Tanks have no discernment. They can’t tell the difference between Shin Bet collaborators and terrorists, Christians and Muslims, armed fighters and unarmed civilians. And the kids inside those machines were just as scared as I was. All around me, guys who looked just like me fired AK-47s at the tanks. Ping. Ping. Ping. The bullets ricocheted like toys. BOOM! The tank shouted back, nearly bursting my eardrums.
Huge pieces of the buildings around us began to collapse into smoking heaps. Every cannon thump was a punch in the gut. Automatic weapons chattered and echoed off every wall. Another explosion. Blinding dust clouds. Flying chips and chunks of stone and metal.
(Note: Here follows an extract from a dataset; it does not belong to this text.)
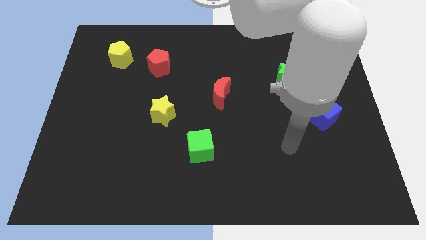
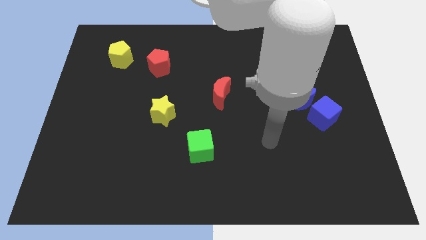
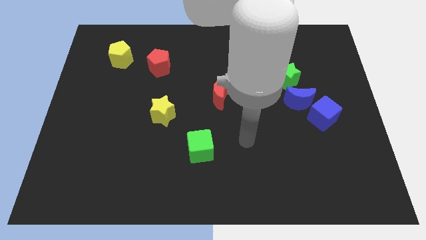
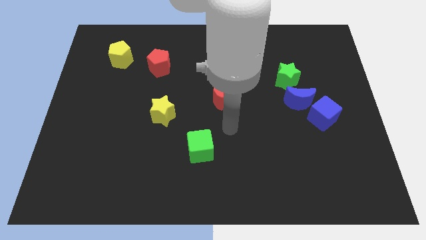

I had to get out of there. But how?
Suddenly, a group of Fatah fighters ran into the garage and crouched around me. This wasn’t good. What if the soldiers came now? The feda’iyeen would open up on them. Would I shoot too? If so, at whom? If I didn’t shoot, they would kill me anyway. But I couldn’t kill anyone. At one time I might have been able to, but not anymore.
More fighters came, calling to others as they ran. Suddenly, everything seemed to stop. Nobody breathed.
IDF soldiers made their way cautiously into the garage. Closer. Whatever was going to happen would cut loose in seconds. Their torches searched for the whites of eyes or a reflection from a weapon. They listened. And we watched. Sweaty index fingers on both sides were poised on triggers.
Then the Red Sea parted.
Maybe they were afraid to go any deeper into the black, humid parking garage, or maybe they simply yearned for the familiar companionship of a tank. For whatever reason, the soldiers stopped, turned, and just walked out.
Once they were clear, I made my way upstairs and found a room where I could call Loai.
“Could you ask the IDF to back off a couple of blocks so I can get back to my hotel?”
“What! Where are you? Why aren’t you in the hotel?”
“I’m doing my job.”
“You’re nuts!”
There was an uncomfortable silence.
“Okay, we’ll see what we can do.”
It took a couple of hours to move the tanks and troops, who must have wondered why they had been pulled back. Once they moved, I nearly broke my leg jumping from one rooftop to another to return to my room. I shut the door, stripped, and stuffed my terrorist outfit and weapon into the air-conditioning duct.
Meanwhile, the house where my father was hiding was right in the center of the storm. The IDF searched inside every house around him, behind every building, and under every rock. But they had orders not to enter that particular house.
Inside, my father read his Qur’an and prayed. The owner of the house read the Qur’an and prayed. His wife read the Qur’an and prayed. Then, for no apparent reason, the troops left and began searching another area.
“You will not believe the miracle, Mosab!” my father said into my handset later. “It was unbelievable! They came. They searched every house around us, the entire neighborhood—except where we were. Allah be praised!”
You’re welcome, I thought.
There had been nothing like Operation Defensive Shield since the Six-Day War. And this was only the beginning. Ramallah was the spearhead of the operation. Bethlehem, Jenin, and Nablus followed. While I had been running around dodging Israeli troops, the IDF had surrounded Yasser Arafat’s compound. Everything was locked down. Strict curfews were imposed.
On April 2, tanks and armored personnel carriers surrounded the Preventive Security Compound near our house in Betunia. Helicopter gunships chugged overhead. We knew the PA was hiding at least fifty wanted men at the compound, and the Shin Bet was frustrated because it was coming up empty-handed everywhere else.